У Жувье сочилась изо рта кровь, болело везде, но он смотрел на своего противника не моргая. Глаза у него были темные и блестящие, как у загнанного зверя.

— Ну… давай… сделай это, — прохрипел он.

Франк тяжело дышал, глаза ему заливал пот, палец на кусочке металла, которому предстояло отдать приказ пуле, дрожал.

Один выстрел — и все будет кончено.

Шарко опустил веки, и перед его глазами заплясали черные круги. Странно, но после этого сразу же представил, как ласкает живот Люси. Пальцы скользили по нежной коже вверх, вниз, снова вверх — и он ощущал под ними тепло крохотного существа, которое скоро явится в мир. Потом это тепло стало растекаться по всему его телу, любовь Люси окутывала его, обволакивала, разливалась вокруг него. И любовь Сюзанны, и любовь Элоизы…
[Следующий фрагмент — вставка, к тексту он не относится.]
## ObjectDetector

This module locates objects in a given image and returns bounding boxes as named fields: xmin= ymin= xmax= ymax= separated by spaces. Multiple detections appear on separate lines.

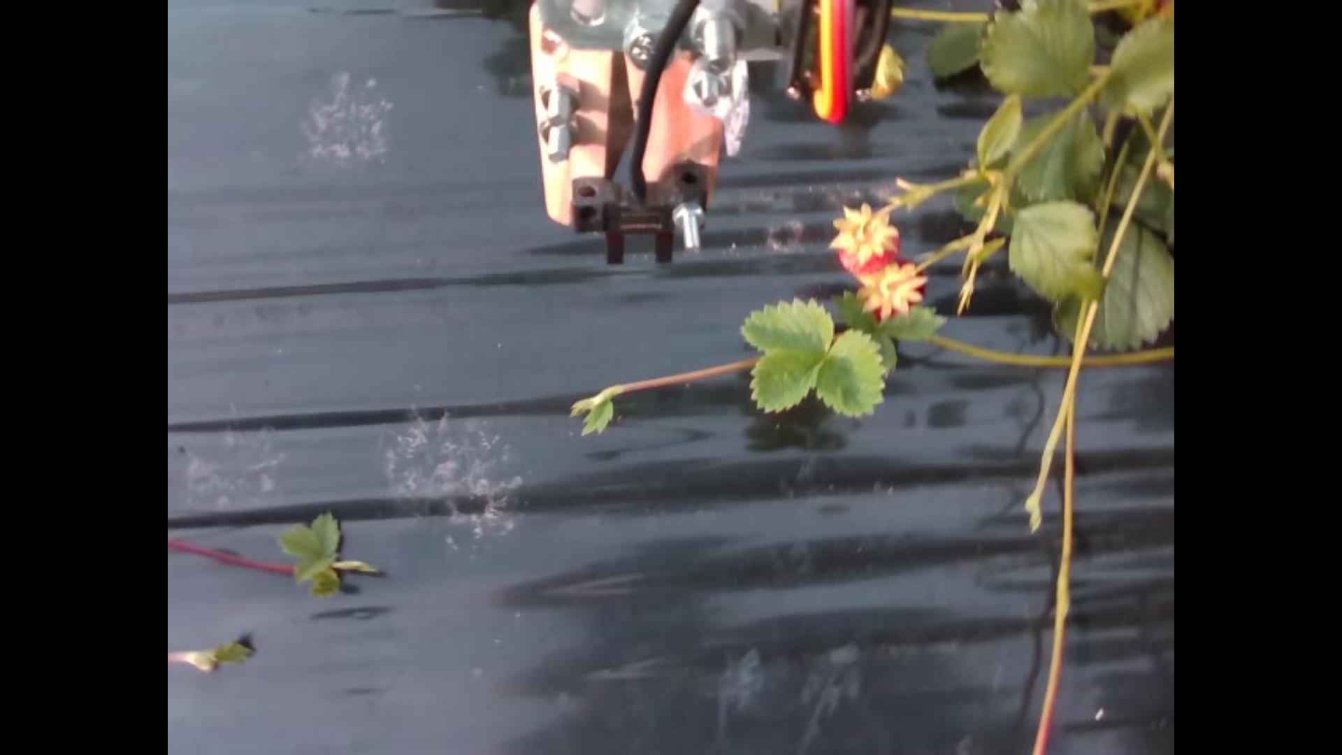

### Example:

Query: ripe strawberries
xmin=864 ymin=254 xmax=935 ymax=321
xmin=822 ymin=207 xmax=902 ymax=285
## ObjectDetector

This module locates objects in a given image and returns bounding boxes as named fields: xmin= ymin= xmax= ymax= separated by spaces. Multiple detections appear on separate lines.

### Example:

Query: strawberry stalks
xmin=892 ymin=230 xmax=979 ymax=293
xmin=857 ymin=179 xmax=943 ymax=241

Комиссар медленно опустил оружие и прошептал прямо в ухо Жувье:

— Ад для тебя — это все что угодно, кроме смерти.

Эпилог

Люси стояла у елки на коленях и старательно, как маленькая девочка, расставляла фигурки в рождественском вертепе. Осел, вол, Мария и Иосиф, а в центре — Младенец Иисус. В прошлом году ей не давались, были не под силу эти, такие простые, движения. В голове ее тогда прыгали и кричали близняшки, и праздник закончился слезами.
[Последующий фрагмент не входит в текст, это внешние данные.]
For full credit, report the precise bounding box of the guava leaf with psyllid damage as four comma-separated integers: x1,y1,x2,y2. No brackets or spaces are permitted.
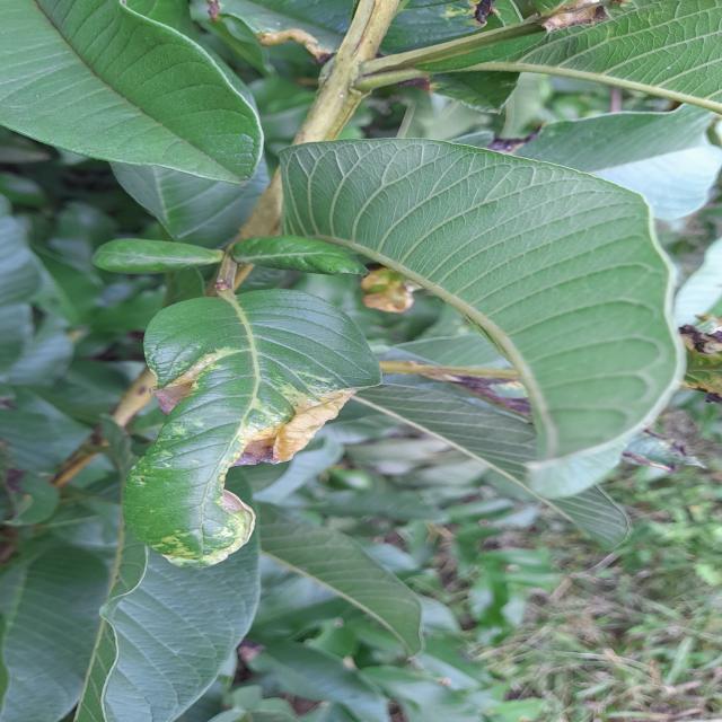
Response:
100,291,395,580

Верно говорят, что время лечит раны, подумала она.

С кухни доносился приятный запах: Шарко, нацепив поварской колпак, обжаривал крупных креветок с чесноком и лимоном. Уже 28 декабря? Ну и что? А у них Рождество сегодня.
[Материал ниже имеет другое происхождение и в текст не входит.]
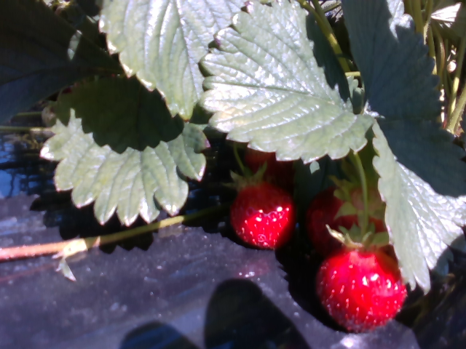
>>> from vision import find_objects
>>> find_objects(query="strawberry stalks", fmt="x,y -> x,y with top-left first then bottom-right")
230,138 -> 262,206
348,153 -> 377,278
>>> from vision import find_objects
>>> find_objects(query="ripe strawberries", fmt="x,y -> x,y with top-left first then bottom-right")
333,174 -> 395,236
228,174 -> 297,250
240,116 -> 302,168
310,235 -> 412,329
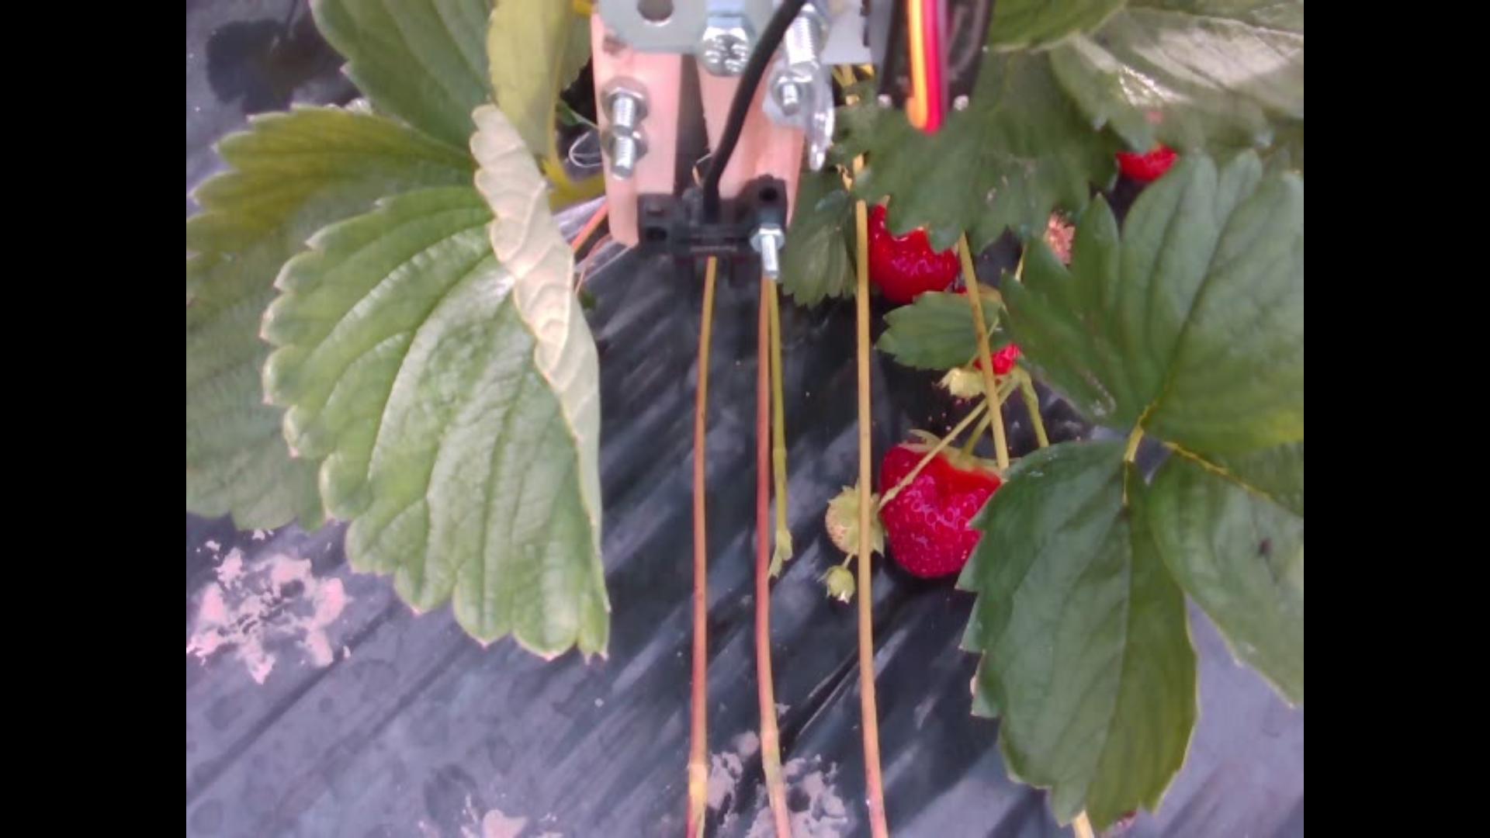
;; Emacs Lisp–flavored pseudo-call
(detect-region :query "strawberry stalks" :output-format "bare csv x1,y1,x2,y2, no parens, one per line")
849,458,900,520
949,409,989,478
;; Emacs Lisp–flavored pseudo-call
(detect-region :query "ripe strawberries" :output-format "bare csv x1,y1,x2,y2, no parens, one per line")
1102,123,1199,192
870,431,1015,585
860,192,974,312
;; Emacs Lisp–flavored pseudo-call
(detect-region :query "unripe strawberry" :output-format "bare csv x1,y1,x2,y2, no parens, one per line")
819,480,887,562

Люси, задумчиво вертя в руках фигурку Младенца, подошла к комиссару.

— Странно все-таки получилось с этой «Бессмертной» партией… — сказала она. — В российскую глушь мы с тобой отправились из-за бессмертия, два наших дела закончились одновременно — почти в самое Рождество Христово… Если бы мои мозги не были так примитивно устроены, я бы, наверное, увидела в этом знак, увидела бы нечто… не знаю, как лучше сказать… нечто метафизическое.

— Нет тут ничего, кроме странного совпадения, — ответил Шарко. — А русскую линию нашего расследования не удалось завершить, ничего пока не кончилось, пусть даже мы и получили ответы на многие вопросы. То, как нас выкинули из этого дела, и сейчас меня бесит. Все эти гнусные рожи. Все это безумие.

— Тут множественное число, — вздохнула Люси. — Все эти разные виды безумия. Еще ведь Филипп Агонла. Третий вариант сумасшествия. Мне все чаще кажется, что нашу планету населяют одни ненормальные. — Люси положила на стол запеленатую фигурку и долго на нее смотрела, чувствуя, что вот-вот расплачется. — Не могу себе представить, что было бы, если бы ты… если бы ты выстрелил тогда в Жувье.

— Я же этого не сделал!

— Но ты уехал от меня, с тем чтобы сделать именно это. Ты был готов на все.

Франк отложил деревянную лопаточку, которой переворачивал креветок, и оглядел подругу с головы до ног. Ему не хотелось обсуждать все это в праздничный вечер. Хотелось оставить в стороне то, что он обнаружил в тетрадях. Хотелось забыть — пусть всего на несколько часов.